Видимо, в такие минуты сказывалась и общая обстановка восьмидесятых годов, которая повседневно напоминала о себе не только произволом цензоров. Весьма болезненно воспринимал Чехов общую идейную бескрылость этих лет, особенно — мелкотравчатость журнальной среды, погрязшей в грошовых мелких дрязгах.

Вот в 1886 году Антон Павлович пошучивает в письме к Лейкину: "Погода у нас туманная. Столько по улицам туману напущено, что не только либералов, но даже и консерваторов не видно". А в начале 1888 года в письме к Я. П. Полонскому уже вполне серьезно пишет о тех самых толстых журналах, куда его звали, куда ему указывали путь Григорович и другие искренние почитатели его таланта. "Не все ли равно, — спрашивает он, — поет ли соловей на большом дереве или в кусте? Требование, чтобы талантливые люди работали тольков толстых журналах, мелочно, попахивает чиновником и вредно, как все предрассудки. Этот предрассудок глуп и смешон. Он имел еще смысл тогда, когда во главе изданий находились люди с ясно выраженной физиономией, люди вроде Белинских, Герценов и т. п., которые не только платили гонорар, но и притягали, учили и воспитывали, теперь же, когда вместо литературных физиономий во главе изданий торчат какие-то серые круги и собачьи воротники… разница между самым толстым журналом и дешевой газеткой представляется только количественной, т. е. с точки зрения художника не заслуживающей никакого уважения и внимания. Сотрудничеству в толстых журналах нельзя отказать только в одном удобстве: длинная вещь не дробится и печатается целиком. Когда я напишу большую вещь, пошлю в толстый журнал, а маленькие буду печатать там, куда занесут ветер и моя свобода".
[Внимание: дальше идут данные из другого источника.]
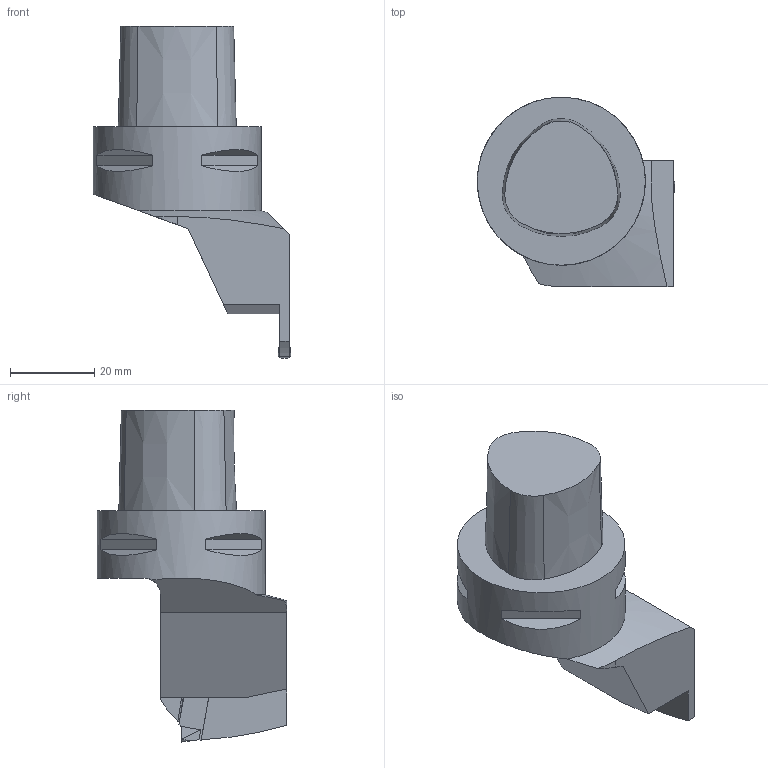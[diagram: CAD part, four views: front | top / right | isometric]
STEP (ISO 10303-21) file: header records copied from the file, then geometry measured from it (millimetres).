
FILE_DESCRIPTION(/* description */ (''),/* implementation_level */ '2;1');
FILE_NAME(/* name */ 'C4-CFIL-27055-03.stp',/* time_stamp */ '2018-02-15T16:18:33+06:00',/* author */ (''),/* organization */ (''),/* preprocessor_version */ 'ST-DEVELOPER v16',/* originating_system */ 'SIEMENS PLM Software NX 11.0',/* authorisation */ '');
FILE_SCHEMA (('AUTOMOTIVE_DESIGN { 1 0 10303 214 3 1 1 1 }'));
Length unit declared in the file: millimetre
Products named in the file (1): C4-CFIL-27055-03
Bounding box: 47 x 45.05 x 79 mm (x, y, z)
Volume: 51885.6 mm3; surface area: 11725.8 mm2
Topology: 3 solids, 3 shells, 78 faces, 201 edges, 133 vertices
Faces by surface type: plane 60, cylinder 11, cone 7
Full cylindrical faces by diameter (mm): 40 x1
Entity records: 2455 total; most frequent: CARTESIAN_POINT 459, DIRECTION 402, ORIENTED_EDGE 398, EDGE_CURVE 199, LINE 142, VECTOR 142, VERTEX_POINT 132, AXIS2_PLACEMENT_3D 130
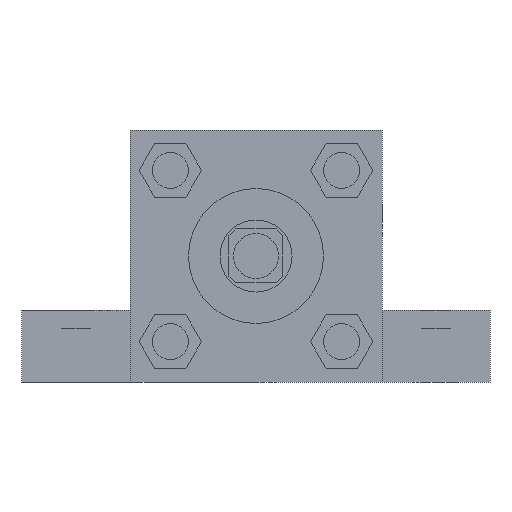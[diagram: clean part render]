
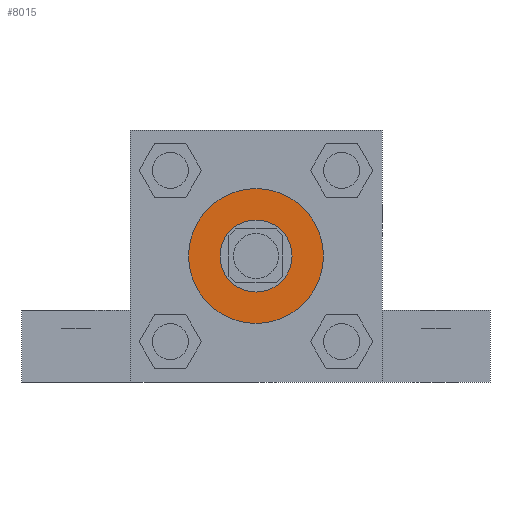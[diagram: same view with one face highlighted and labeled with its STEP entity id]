
A CAD part, front view. The second image highlights one B-rep face of the part: STEP entity #8015.
In plain terms, the highlighted face is planar.
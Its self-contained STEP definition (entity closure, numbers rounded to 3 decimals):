
#131=EDGE_CURVE('',#137,#137,#132,.T.);
#132=CIRCLE('',#133,6.35);
#133=AXIS2_PLACEMENT_3D('',#134,#135,#136);
#134=CARTESIAN_POINT('',(0.,9.525,0.));
#135=DIRECTION('',(0.,1.,0.));
#136=DIRECTION('',(1.,0.,0.));
#137=VERTEX_POINT('',#138);
#138=CARTESIAN_POINT('',(6.35,9.525,0.));
#400=FACE_OUTER_BOUND('',#402,.T.);
#401=FACE_BOUND('',#403,.T.);
#402=EDGE_LOOP('',(#404));
#403=EDGE_LOOP('',(#413));
#404=ORIENTED_EDGE('',*,*,#405,.F.);
#405=EDGE_CURVE('',#411,#411,#406,.T.);
#406=CIRCLE('',#407,11.906);
#407=AXIS2_PLACEMENT_3D('',#408,#409,#410);
#408=CARTESIAN_POINT('',(0.,9.525,0.));
#409=DIRECTION('',(0.,1.,0.));
#410=DIRECTION('',(1.,0.,0.));
#411=VERTEX_POINT('',#412);
#412=CARTESIAN_POINT('',(11.906,9.525,0.));
#413=ORIENTED_EDGE('',*,*,#131,.T.);
#414=PLANE('',#415);
#415=AXIS2_PLACEMENT_3D('',#416,#417,#418);
#416=CARTESIAN_POINT('',(0.,9.525,0.));
#417=DIRECTION('',(0.,1.,0.));
#418=DIRECTION('',(0.,0.,1.));
#8015=ADVANCED_FACE('',(#400,#401),#414,.F.);

Чехов был непоколебимо верен принципу личной независимости и свободы. Недаром же Короленко должен был, определяя свое отношение к Чехову, прежде всего осмыслить и оценить эту его свободу от "партий данной минуты".

В апреле 1888 года к Чехову обратились с предложениями об объединении молодых писателей и упрочении их солидарности. Идея солидарности не была чужда Чехову, напротив, он неоднократно сетовал в письмах на разобщенность, на дрязги в творческой среде. Еще в 1883 году он писал Александру Павловичу: "Есть на белом свете одна скверная болезнь, незнанием которой не может похвастаться пишущий человек, ни один!.. Это кичеевщина — нежелание людей одного и того же лагеря понять друг друга. Подлая болезнь!.. Хорош бы я был, если бы надел на Зембулатова дурацкий колпак за то, что он незнаком с Дарвином! Он, воспитанный на крепостном праве, враг крепостничества — за одно это я люблю его! А если бы я стал отрекаться от А, Б, В… Ж, от одного, другого, третьего, пришлось бы покончить одиночеством!"

Однако на сей раз Чехов решительно отверг идею солидарности. О чем практически шла речь? Писатель Баранцевич высказал мысль, что объединению молодых писателей может послужить литературный сборник. Тут же к Чехову поступило предложение беллетриста Лемана, автора книг об игре на бильярде, присоединиться к соглашению печатать в своих книгах объявления о произведениях солидарных друг с другом лиц. "Для объединения, — отвечает Чехов в одном случае, — нужно кое-что другое; нужны, если не любовь, то хоть уважение друг к другу, взаимное доверие и абсолютная честность в отношениях… А всего этого не может дать сборник!" В другом письме он заявляет, что солидарность он понижает в политике, в религиозных делах, но считает ее невозможной и ненужной среди молодых литераторов. "Думать и чувствовать одинаково мы не можем, цели у нас различные или их нет вовсе, знаем мы друг друга мало или вовсе не знаем, и, стало быть, нет ничего такого, к чему могла бы прочно прицепиться солидарность…" А раз так, — нужно гарантировать друг другу не солидарность, а независимость, уважительное отношение всех к позиции каждого.